Indeed, the term specialty-referral process might be considered a misnomer. The primary care system and the specialty care system appear to operate in parallel with little integration beyond the patient as the intermediary. This weak integration contributes to inefficient care and dissatisfaction by PCPs, specialists, and patients alike.

Our literature review emphasizes several themes and limitations of the existing literature on specialty referrals. First, many of the articles that focused on variation in referral rates assumed that there were too many referrals. Although overreferral is a substantial problem in the United States, underreferral is a problem as well, particularly for specialties with few physicians (e.g., child and adolescent psychiatry). It is notable that 26 percent of a national sample of 307 malpractice claims pertaining to a missed or delayed diagnosis involved a failure to refer (Gandhi et al. 2006). Future work should examine the appropriateness of referrals and look at both overreferral and underreferral. Second, most articles examined only one aspect of the referral process. We hope that our conceptual framework (referral decision, care coordination, access to specialty care) helps highlight the many parts of a successful referral. Third, we hope our work emphasizes that there are many components of care coordination, such as making sure that the referred patient sees the specialist, clarifying the role of the specialist, and ensuring management continuity. One of the limitations of the published literature is its focus on a single practice setting. There is a need for studies that look more broadly across settings, because there are various ways of initiating, managing, and tracking referrals. As a result, we do not know whether the findings are idiosyncratic to the specific setting of care examined in a given study. Nonetheless, because the studies often had consistent findings, we believe it is reasonable to generalize that the issues we describe are widespread throughout the U.S. health care system.

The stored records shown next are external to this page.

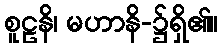
စူဠနိ၊ မဟာနိ-၌ရှိ၏။
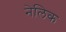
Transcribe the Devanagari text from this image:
नेलिक
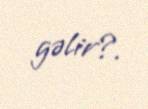
gəlir?.
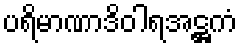
ပရိမာဏာဒိဝါရအဋ္ဌကံ
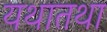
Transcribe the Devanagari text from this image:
यथातथा
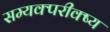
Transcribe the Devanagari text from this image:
सम्यक्परीक्ष्य
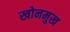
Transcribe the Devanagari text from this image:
खोनमुख
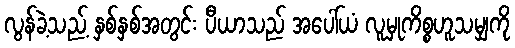
လွန်ခဲ့သည့် နှစ်နှစ်အတွင်း ပီယာသည် အပေါ်ယံ လူမှုကိစ္စဟူသမျှကို
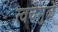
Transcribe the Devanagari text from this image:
त्वचेमुळे
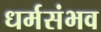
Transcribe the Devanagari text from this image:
धर्मसंभव
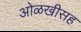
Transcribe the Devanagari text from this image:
ओळखीसह
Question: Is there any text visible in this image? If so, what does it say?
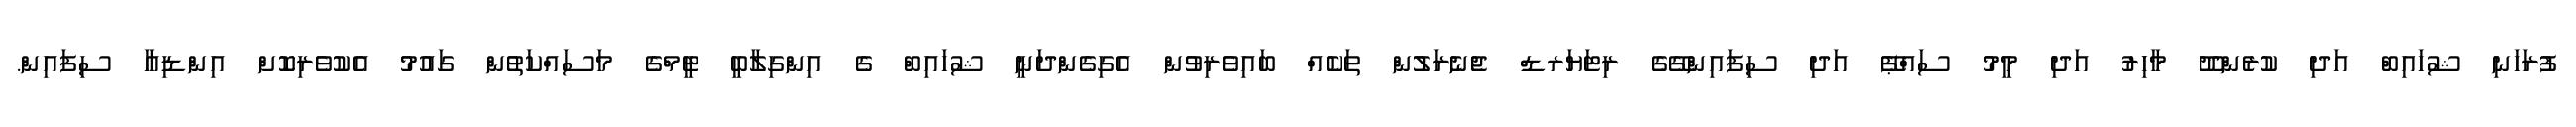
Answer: ފުރަހަނި ޝުހައިބް އަދި ކުރެންދޫ މާހިރު އަދި މީމު ސައްޕޭ އަދި ސިފައިންގޭގެ ރިޓަޔަރޑް ޖެނެރަލުން ތަކެއް ބައިވެރިވުން އެގިގެންދަނީ ޝުހައިބް ގެ އިންގިލާބީ ޓީމްގެ މަސައްކަތުން ގައުމު އެކުވެރިކޮށް އިންޑިއާ ސިފައިން.

The current state of the specialty-referral process in the United States provides substantial opportunities for improvement, as there are breakdowns and inefficiencies in all its components. Given the expected increase in the elderly segment of the U.S. population, the increasing demand for specialist care, and the expected shortage of all types of physicians by 2020, improving the specialty-referral process deserves greater attention. Many of the mechanisms to improve it, including the use of information technology and payment reform, are promising. But no single change will address all the gaps in the referral process, so we need rigorous evaluations of mechanisms to improve the process across care settings.

Acknowledgments

This work was supported by a grant from the California Health Care Foundation. The funder had no role in the design and conduct of the study; the collection, management, analysis, and interpretation of the data; or the preparation, review, or approval of the manuscript. None of the authors has a financial interest in or a financial conflict with the subject matter or the materials discussed in this article.